Ab 1912 kann Klabund immer häufiger Artikel und Gedichte in Zeitschriften unterbringen. So z.B. im „Simplicissimus“ und in der Münchener illustrierten Wochenschrift „Jugend“, wohin ihn Dr. Kutscher vermittelt hatte. Die „Jugend“ bringt neben literarischen Beiträgen auch Glossen zum politischen Tagesgeschehen.  Unterbringen heißt natürlich auch, Honorare bekommen, denn ohne die Unterstützung  aus dem Elternhaus geht es meistens nicht.

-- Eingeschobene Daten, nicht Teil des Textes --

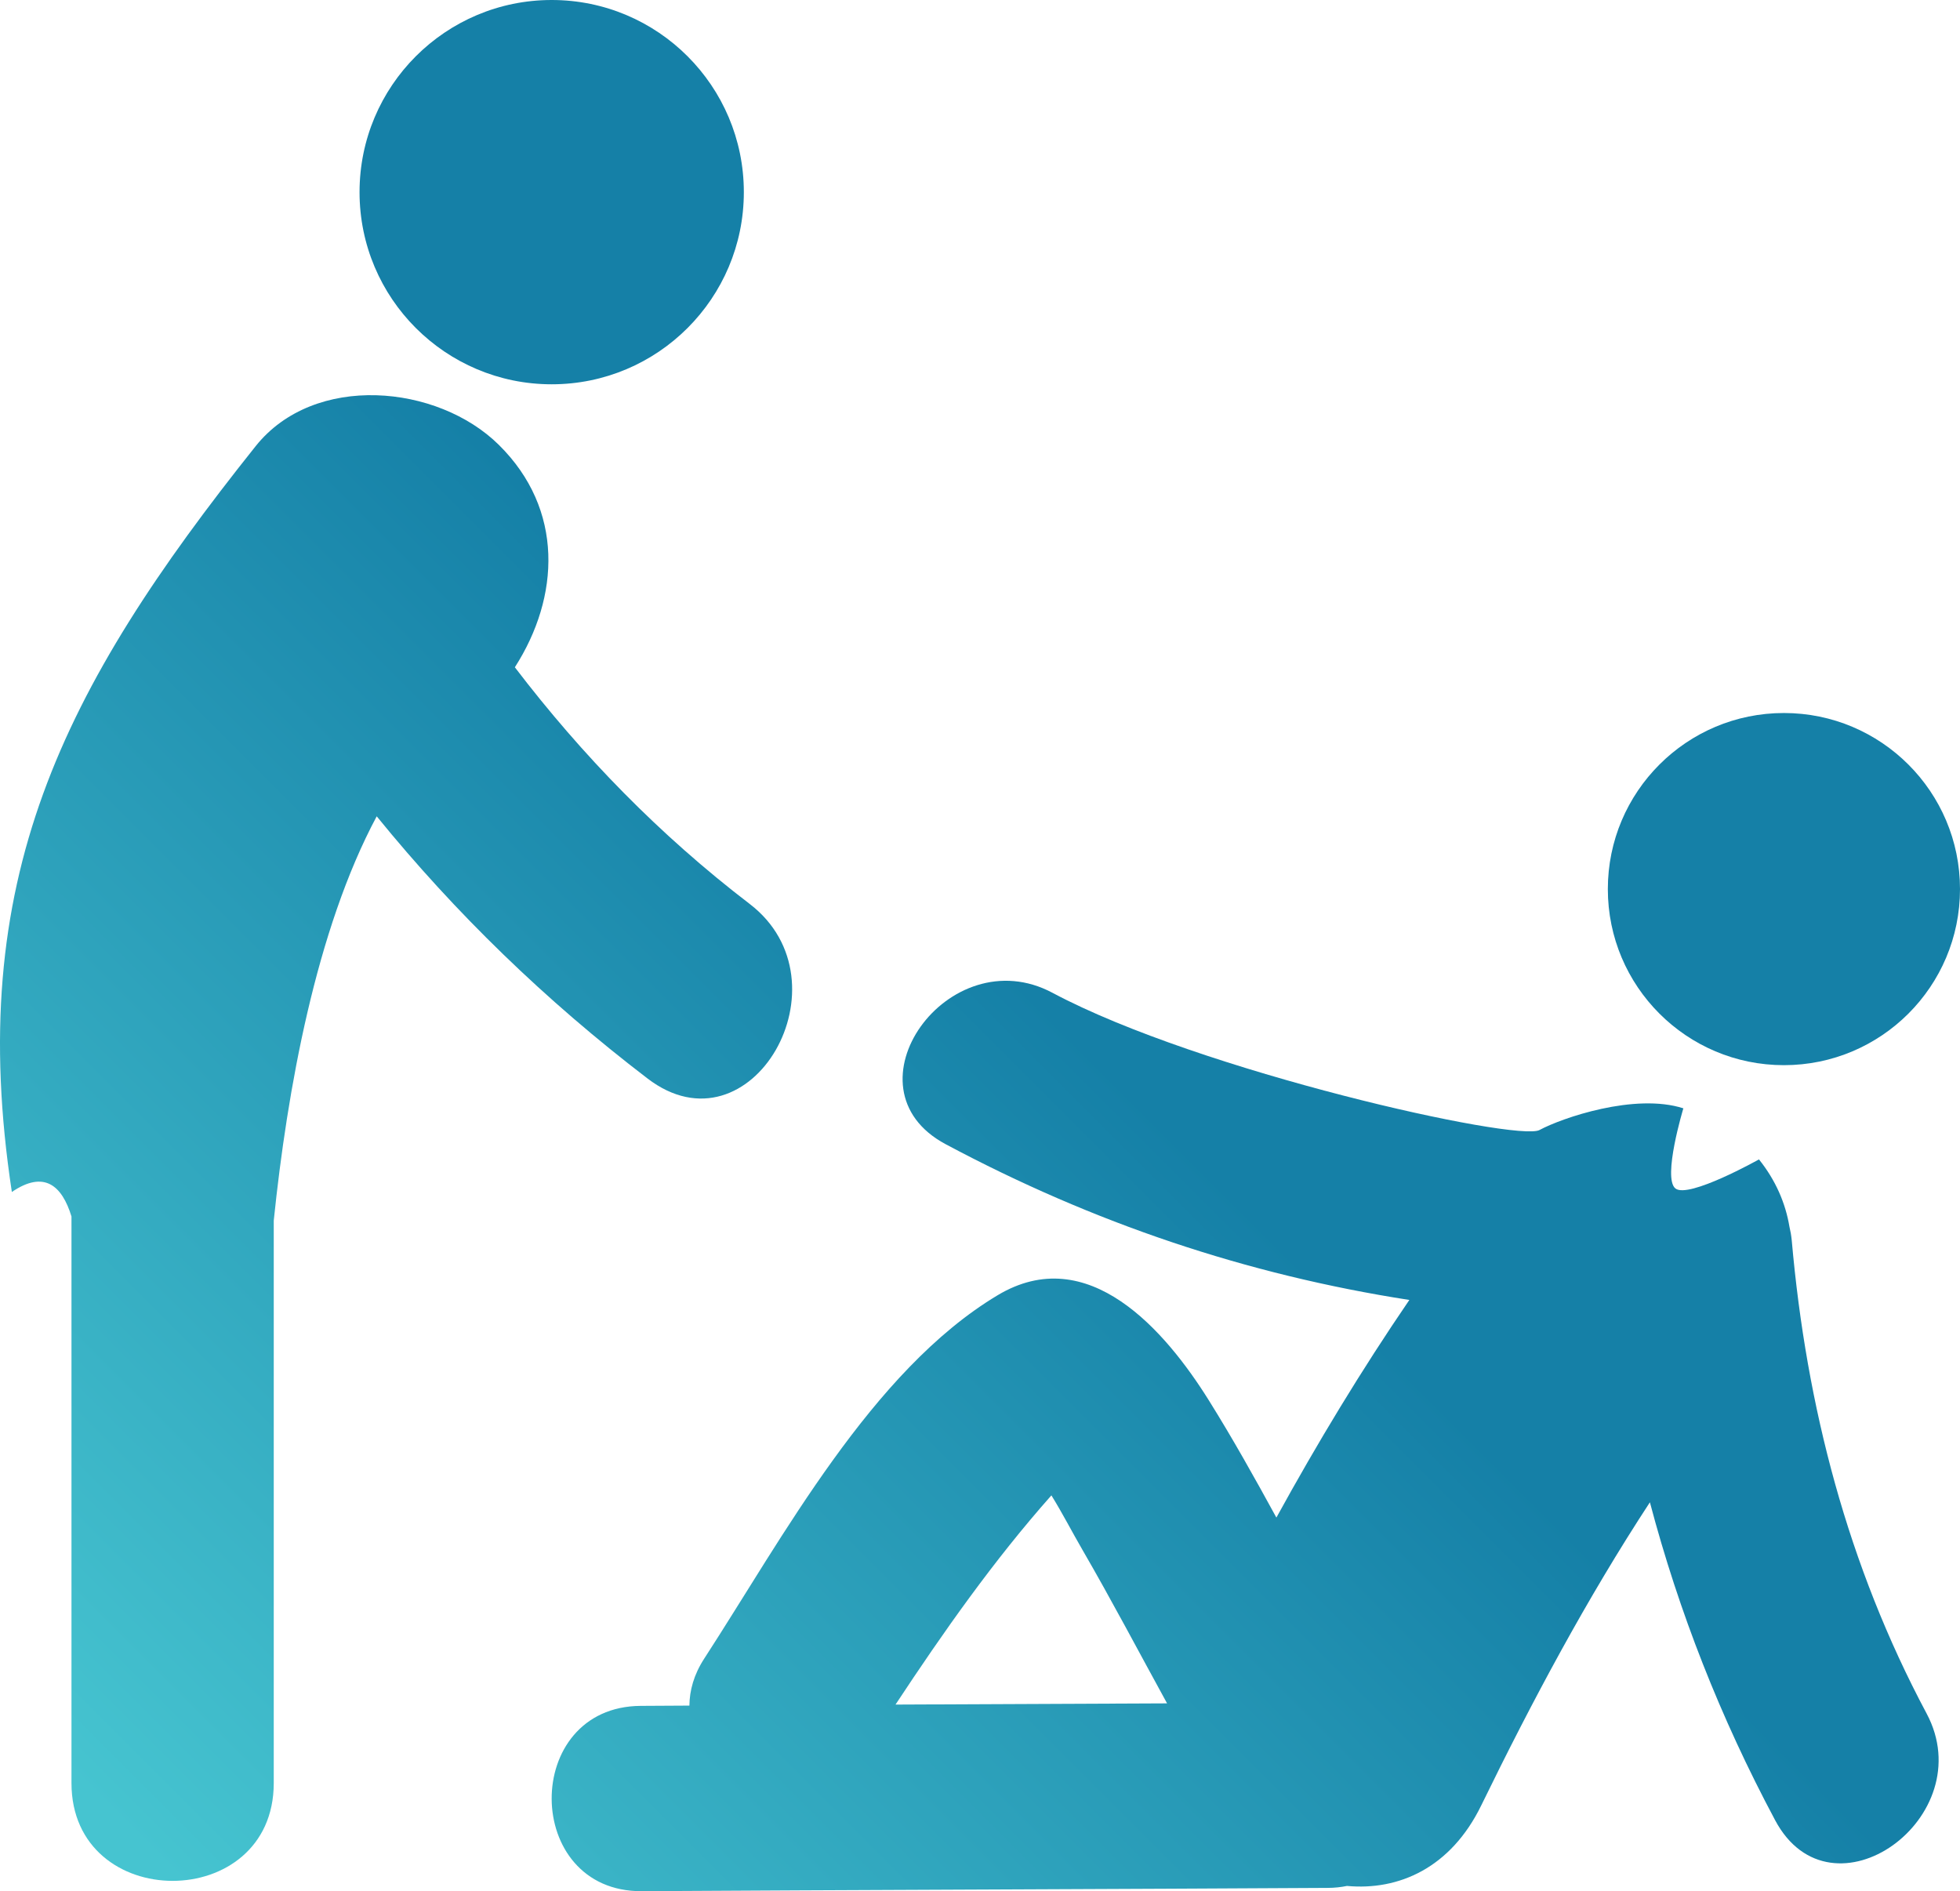 <?xml version="1.0" encoding="UTF-8"?>
<!-- Generator: Adobe Illustrator 18.1.1, SVG Export Plug-In . SVG Version: 6.00 Build 0)  -->
<svg width="57.092" height="55.088" version="1.1" viewBox="0 0 57.092 55.088" xml:space="preserve" xmlns="http://www.w3.org/2000/svg" xmlns:xlink="http://www.w3.org/1999/xlink"><defs><linearGradient id="linearGradient2252" x1="30.65" x2="5.208" y1="27.433" y2="52.875" gradientUnits="userSpaceOnUse"><stop stop-color="#1580a7" offset="0"/><stop stop-color="#46c4d0" offset="1"/></linearGradient></defs><g transform="translate(-2.04)" fill="url(#linearGradient2252)"><g fill="url(#linearGradient2252)"><circle cx="18.11" cy="5.597" r="5.597"/><path d="m23.874 26.328c-2.618-2.003-4.875-4.322-6.837-6.891 1.313-2.047 1.44-4.597-0.467-6.479-1.786-1.765-5.377-2.101-7.083 0.038-5.668 7.103-8.477 12.673-7.102 21.725 0.934-0.637 1.458-0.199 1.737 0.713v16.504c0 3.799 5.892 3.799 5.892 0v-16.385c0.392-3.793 1.228-8.467 2.999-11.775 2.297 2.825 4.913 5.362 7.887 7.636 3.018 2.311 5.948-2.812 2.974-5.086z"/><circle cx="54.003" cy="25.898" r="5.129"/><path d="m54.231 36.131c-0.014-0.143-0.037-0.273-0.067-0.398-0.115-0.688-0.401-1.354-0.888-1.961 0 0-2.053 1.152-2.434 0.846-0.382-0.305 0.232-2.334 0.232-2.334-1.412-0.454-3.541 0.281-4.191 0.632s-9.878-1.699-14.184-3.996c-3.025-1.616-6.184 2.771-3.112 4.41 4.298 2.295 8.763 3.799 13.505 4.536-1.398 2.046-2.677 4.162-3.873 6.339-0.63-1.152-1.271-2.3-1.967-3.414-1.266-2.027-3.516-4.646-6.157-3.06-3.67 2.201-6.262 7.072-8.542 10.582-0.306 0.471-0.427 0.933-0.432 1.369-0.499 2e-3 -0.976 4e-3 -1.417 8e-3 -3.481 0.021-3.449 5.42 0.032 5.398 5.219-0.033 14.757-0.064 19.974-0.096 0.201 0 0.39-0.021 0.565-0.057 1.504 0.139 3.021-0.519 3.912-2.347 1.475-3.024 3.067-6.01 4.912-8.828 0.844 3.19 2.051 6.269 3.648 9.261 1.639 3.073 6.027-0.086 4.411-3.111-2.295-4.304-3.5-8.937-3.927-13.779zm-26.106 13.521c1.395-2.115 2.865-4.205 4.541-6.094 0.327 0.529 0.615 1.09 0.906 1.59 0.853 1.472 1.645 2.979 2.463 4.469-2.494 0.013-5.267 0.024-7.91 0.035z"/></g></g></svg>

Die „Neue Rundschau“ wird die schon zu Schülerzeiten geschriebene „Helena“-Ode veröffentli­chen, die Fredi vorsichtshalber auf 1912 vordatiert und die in Innsbruck erscheinende Zeitschrift „Der Brenner“ bringt gleich vier Gedichte. Und immer wieder Kerrrs „Pan“….

Auch Wedekind nimmt für „die von ihm mitherausgegebene Zeit­schrift „Komet“ einige Verse und Prosaskizzen des Schützlings von Dr. Kutscher an und veröffentlicht den ersten Beitrag am 16. 3. 1911: das Gedicht „Die kleinen Füße der graziösen Frauen“. Die geachtete und beachtete Zeitschrift „Die Rheinlande“ wird im August vier Gedichte bringen.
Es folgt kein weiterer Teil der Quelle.